▶ [The input]:
- - - - -
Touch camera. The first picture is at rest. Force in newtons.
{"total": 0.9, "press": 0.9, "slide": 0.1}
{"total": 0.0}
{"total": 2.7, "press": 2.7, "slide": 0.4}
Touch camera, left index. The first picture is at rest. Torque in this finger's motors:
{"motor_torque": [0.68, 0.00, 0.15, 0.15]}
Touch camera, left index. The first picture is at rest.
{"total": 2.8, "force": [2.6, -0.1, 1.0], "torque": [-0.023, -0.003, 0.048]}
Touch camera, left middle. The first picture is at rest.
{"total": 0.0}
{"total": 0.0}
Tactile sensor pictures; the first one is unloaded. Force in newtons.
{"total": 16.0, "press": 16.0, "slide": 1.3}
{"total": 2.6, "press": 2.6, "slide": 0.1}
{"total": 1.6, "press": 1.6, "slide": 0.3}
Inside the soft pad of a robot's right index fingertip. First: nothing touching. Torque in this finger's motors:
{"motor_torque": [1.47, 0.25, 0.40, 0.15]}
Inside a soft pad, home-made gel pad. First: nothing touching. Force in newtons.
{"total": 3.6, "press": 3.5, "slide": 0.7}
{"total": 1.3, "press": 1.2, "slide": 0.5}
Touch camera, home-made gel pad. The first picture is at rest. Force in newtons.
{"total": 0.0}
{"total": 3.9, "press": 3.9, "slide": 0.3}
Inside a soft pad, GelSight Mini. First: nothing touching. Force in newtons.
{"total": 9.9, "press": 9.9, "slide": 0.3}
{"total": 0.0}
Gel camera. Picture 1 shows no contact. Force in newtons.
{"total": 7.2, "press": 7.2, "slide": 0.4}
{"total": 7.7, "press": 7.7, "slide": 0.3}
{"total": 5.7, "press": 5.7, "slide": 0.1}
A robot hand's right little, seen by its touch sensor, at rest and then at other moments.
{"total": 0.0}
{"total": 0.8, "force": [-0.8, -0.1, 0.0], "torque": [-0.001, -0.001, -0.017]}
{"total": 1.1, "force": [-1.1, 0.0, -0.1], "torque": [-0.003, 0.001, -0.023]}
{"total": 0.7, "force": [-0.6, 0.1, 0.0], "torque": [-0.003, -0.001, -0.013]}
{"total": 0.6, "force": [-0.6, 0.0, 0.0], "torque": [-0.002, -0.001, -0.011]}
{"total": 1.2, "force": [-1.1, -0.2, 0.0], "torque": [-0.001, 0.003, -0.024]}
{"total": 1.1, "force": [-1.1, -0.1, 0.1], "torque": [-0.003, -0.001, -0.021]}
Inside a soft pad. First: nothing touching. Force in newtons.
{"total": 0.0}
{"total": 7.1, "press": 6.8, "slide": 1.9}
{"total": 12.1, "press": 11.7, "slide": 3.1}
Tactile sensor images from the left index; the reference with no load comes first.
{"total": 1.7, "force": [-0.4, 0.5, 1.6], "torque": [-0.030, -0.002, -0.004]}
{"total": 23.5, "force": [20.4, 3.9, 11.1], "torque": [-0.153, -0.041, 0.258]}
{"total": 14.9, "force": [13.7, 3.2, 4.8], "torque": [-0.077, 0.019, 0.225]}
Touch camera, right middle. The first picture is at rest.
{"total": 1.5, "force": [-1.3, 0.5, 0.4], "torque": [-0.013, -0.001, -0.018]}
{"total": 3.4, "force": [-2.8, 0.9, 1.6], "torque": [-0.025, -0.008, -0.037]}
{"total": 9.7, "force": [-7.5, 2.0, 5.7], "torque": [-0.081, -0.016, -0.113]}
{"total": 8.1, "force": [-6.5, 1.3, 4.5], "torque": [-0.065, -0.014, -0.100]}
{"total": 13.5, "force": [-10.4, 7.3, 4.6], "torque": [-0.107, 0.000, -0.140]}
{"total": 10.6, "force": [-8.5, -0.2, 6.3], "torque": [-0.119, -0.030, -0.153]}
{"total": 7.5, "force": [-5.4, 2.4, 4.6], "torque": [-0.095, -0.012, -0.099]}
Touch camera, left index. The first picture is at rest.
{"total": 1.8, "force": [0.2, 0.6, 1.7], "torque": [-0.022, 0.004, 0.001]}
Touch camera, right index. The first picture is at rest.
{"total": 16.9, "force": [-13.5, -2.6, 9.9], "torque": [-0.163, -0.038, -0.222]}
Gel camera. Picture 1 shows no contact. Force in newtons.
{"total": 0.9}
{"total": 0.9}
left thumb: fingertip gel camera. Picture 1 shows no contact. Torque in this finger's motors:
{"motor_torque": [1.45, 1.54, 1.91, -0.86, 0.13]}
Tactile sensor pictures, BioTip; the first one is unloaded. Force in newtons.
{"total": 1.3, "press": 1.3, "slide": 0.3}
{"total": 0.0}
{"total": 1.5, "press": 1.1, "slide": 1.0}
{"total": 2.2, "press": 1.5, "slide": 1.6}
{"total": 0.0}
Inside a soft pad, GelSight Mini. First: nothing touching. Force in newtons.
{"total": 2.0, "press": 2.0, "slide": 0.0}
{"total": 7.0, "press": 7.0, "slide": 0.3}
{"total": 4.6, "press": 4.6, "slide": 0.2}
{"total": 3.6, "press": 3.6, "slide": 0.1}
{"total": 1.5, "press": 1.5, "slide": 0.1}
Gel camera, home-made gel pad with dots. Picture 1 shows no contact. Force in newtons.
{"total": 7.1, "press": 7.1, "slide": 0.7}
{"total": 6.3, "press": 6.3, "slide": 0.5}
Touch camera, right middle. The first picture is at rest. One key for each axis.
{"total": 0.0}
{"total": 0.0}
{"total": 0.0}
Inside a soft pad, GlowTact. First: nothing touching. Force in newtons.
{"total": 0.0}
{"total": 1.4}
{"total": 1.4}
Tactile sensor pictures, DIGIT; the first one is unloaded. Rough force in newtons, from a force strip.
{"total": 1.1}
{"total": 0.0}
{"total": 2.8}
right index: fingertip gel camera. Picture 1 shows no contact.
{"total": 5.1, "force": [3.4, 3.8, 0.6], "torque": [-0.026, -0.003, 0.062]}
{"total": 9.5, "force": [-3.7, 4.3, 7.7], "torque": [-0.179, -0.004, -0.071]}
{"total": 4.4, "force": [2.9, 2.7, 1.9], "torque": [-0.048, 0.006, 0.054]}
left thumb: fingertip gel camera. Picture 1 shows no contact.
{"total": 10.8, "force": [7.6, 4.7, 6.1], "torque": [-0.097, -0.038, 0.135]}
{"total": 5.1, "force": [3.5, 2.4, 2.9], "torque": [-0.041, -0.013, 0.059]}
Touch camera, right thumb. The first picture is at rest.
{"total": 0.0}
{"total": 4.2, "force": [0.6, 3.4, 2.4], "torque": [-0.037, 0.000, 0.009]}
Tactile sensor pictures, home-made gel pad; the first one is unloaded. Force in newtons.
- - - - -
▶ [What to work on]: Copy every record precisely, omitting nothing.

▶ [Expected answer]:
Touch camera. The first picture is at rest. Force in newtons.
{"total": 0.9, "press": 0.9, "slide": 0.1}
{"total": 0.0}
{"total": 2.7, "press": 2.7, "slide": 0.4}
Touch camera, left index. The first picture is at rest. Torque in this finger's motors:
{"motor_torque": [0.68, 0.00, 0.15, 0.15]}
Touch camera, left index. The first picture is at rest.
{"total": 2.8, "force": [2.6, -0.1, 1.0], "torque": [-0.023, -0.003, 0.048]}
Touch camera, left middle. The first picture is at rest.
{"total": 0.0}
{"total": 0.0}
Tactile sensor pictures; the first one is unloaded. Force in newtons.
{"total": 16.0, "press": 16.0, "slide": 1.3}
{"total": 2.6, "press": 2.6, "slide": 0.1}
{"total": 1.6, "press": 1.6, "slide": 0.3}
Inside the soft pad of a robot's right index fingertip. First: nothing touching. Torque in this finger's motors:
{"motor_torque": [1.47, 0.25, 0.40, 0.15]}
Inside a soft pad, home-made gel pad. First: nothing touching. Force in newtons.
{"total": 3.6, "press": 3.5, "slide": 0.7}
{"total": 1.3, "press": 1.2, "slide": 0.5}
Touch camera, home-made gel pad. The first picture is at rest. Force in newtons.
{"total": 0.0}
{"total": 3.9, "press": 3.9, "slide": 0.3}
Inside a soft pad, GelSight Mini. First: nothing touching. Force in newtons.
{"total": 9.9, "press": 9.9, "slide": 0.3}
{"total": 0.0}
Gel camera. Picture 1 shows no contact. Force in newtons.
{"total": 7.2, "press": 7.2, "slide": 0.4}
{"total": 7.7, "press": 7.7, "slide": 0.3}
{"total": 5.7, "press": 5.7, "slide": 0.1}
A robot hand's right little, seen by its touch sensor, at rest and then at other moments.
{"total": 0.0}
{"total": 0.8, "force": [-0.8, -0.1, 0.0], "torque": [-0.001, -0.001, -0.017]}
{"total": 1.1, "force": [-1.1, 0.0, -0.1], "torque": [-0.003, 0.001, -0.023]}
{"total": 0.7, "force": [-0.6, 0.1, 0.0], "torque": [-0.003, -0.001, -0.013]}
{"total": 0.6, "force": [-0.6, 0.0, 0.0], "torque": [-0.002, -0.001, -0.011]}
{"total": 1.2, "force": [-1.1, -0.2, 0.0], "torque": [-0.001, 0.003, -0.024]}
{"total": 1.1, "force": [-1.1, -0.1, 0.1], "torque": [-0.003, -0.001, -0.021]}
Inside a soft pad. First: nothing touching. Force in newtons.
{"total": 0.0}
{"total": 7.1, "press": 6.8, "slide": 1.9}
{"total": 12.1, "press": 11.7, "slide": 3.1}
Tactile sensor images from the left index; the reference with no load comes first.
{"total": 1.7, "force": [-0.4, 0.5, 1.6], "torque": [-0.030, -0.002, -0.004]}
{"total": 23.5, "force": [20.4, 3.9, 11.1], "torque": [-0.153, -0.041, 0.258]}
{"total": 14.9, "force": [13.7, 3.2, 4.8], "torque": [-0.077, 0.019, 0.225]}
Touch camera, right middle. The first picture is at rest.
{"total": 1.5, "force": [-1.3, 0.5, 0.4], "torque": [-0.013, -0.001, -0.018]}
{"total": 3.4, "force": [-2.8, 0.9, 1.6], "torque": [-0.025, -0.008, -0.037]}
{"total": 9.7, "force": [-7.5, 2.0, 5.7], "torque": [-0.081, -0.016, -0.113]}
{"total": 8.1, "force": [-6.5, 1.3, 4.5], "torque": [-0.065, -0.014, -0.100]}
{"total": 13.5, "force": [-10.4, 7.3, 4.6], "torque": [-0.107, 0.000, -0.140]}
{"total": 10.6, "force": [-8.5, -0.2, 6.3], "torque": [-0.119, -0.030, -0.153]}
{"total": 7.5, "force": [-5.4, 2.4, 4.6], "torque": [-0.095, -0.012, -0.099]}
Touch camera, left index. The first picture is at rest.
{"total": 1.8, "force": [0.2, 0.6, 1.7], "torque": [-0.022, 0.004, 0.001]}
Touch camera, right index. The first picture is at rest.
{"total": 16.9, "force": [-13.5, -2.6, 9.9], "torque": [-0.163, -0.038, -0.222]}
Gel camera. Picture 1 shows no contact. Force in newtons.
{"total": 0.9}
{"total": 0.9}
left thumb: fingertip gel camera. Picture 1 shows no contact. Torque in this finger's motors:
{"motor_torque": [1.45, 1.54, 1.91, -0.86, 0.13]}
Tactile sensor pictures, BioTip; the first one is unloaded. Force in newtons.
{"total": 1.3, "press": 1.3, "slide": 0.3}
{"total": 0.0}
{"total": 1.5, "press": 1.1, "slide": 1.0}
{"total": 2.2, "press": 1.5, "slide": 1.6}
{"total": 0.0}
Inside a soft pad, GelSight Mini. First: nothing touching. Force in newtons.
{"total": 2.0, "press": 2.0, "slide": 0.0}
{"total": 7.0, "press": 7.0, "slide": 0.3}
{"total": 4.6, "press": 4.6, "slide": 0.2}
{"total": 3.6, "press": 3.6, "slide": 0.1}
{"total": 1.5, "press": 1.5, "slide": 0.1}
Gel camera, home-made gel pad with dots. Picture 1 shows no contact. Force in newtons.
{"total": 7.1, "press": 7.1, "slide": 0.7}
{"total": 6.3, "press": 6.3, "slide": 0.5}
Touch camera, right middle. The first picture is at rest. One key for each axis.
{"total": 0.0}
{"total": 0.0}
{"total": 0.0}
Inside a soft pad, GlowTact. First: nothing touching. Force in newtons.
{"total": 0.0}
{"total": 1.4}
{"total": 1.4}
Tactile sensor pictures, DIGIT; the first one is unloaded. Rough force in newtons, from a force strip.
{"total": 1.1}
{"total": 0.0}
{"total": 2.8}
right index: fingertip gel camera. Picture 1 shows no contact.
{"total": 5.1, "force": [3.4, 3.8, 0.6], "torque": [-0.026, -0.003, 0.062]}
{"total": 9.5, "force": [-3.7, 4.3, 7.7], "torque": [-0.179, -0.004, -0.071]}
{"total": 4.4, "force": [2.9, 2.7, 1.9], "torque": [-0.048, 0.006, 0.054]}
left thumb: fingertip gel camera. Picture 1 shows no contact.
{"total": 10.8, "force": [7.6, 4.7, 6.1], "torque": [-0.097, -0.038, 0.135]}
{"total": 5.1, "force": [3.5, 2.4, 2.9], "torque": [-0.041, -0.013, 0.059]}
Touch camera, right thumb. The first picture is at rest.
{"total": 0.0}
{"total": 4.2, "force": [0.6, 3.4, 2.4], "torque": [-0.037, 0.000, 0.009]}
Tactile sensor pictures, home-made gel pad; the first one is unloaded. Force in newtons.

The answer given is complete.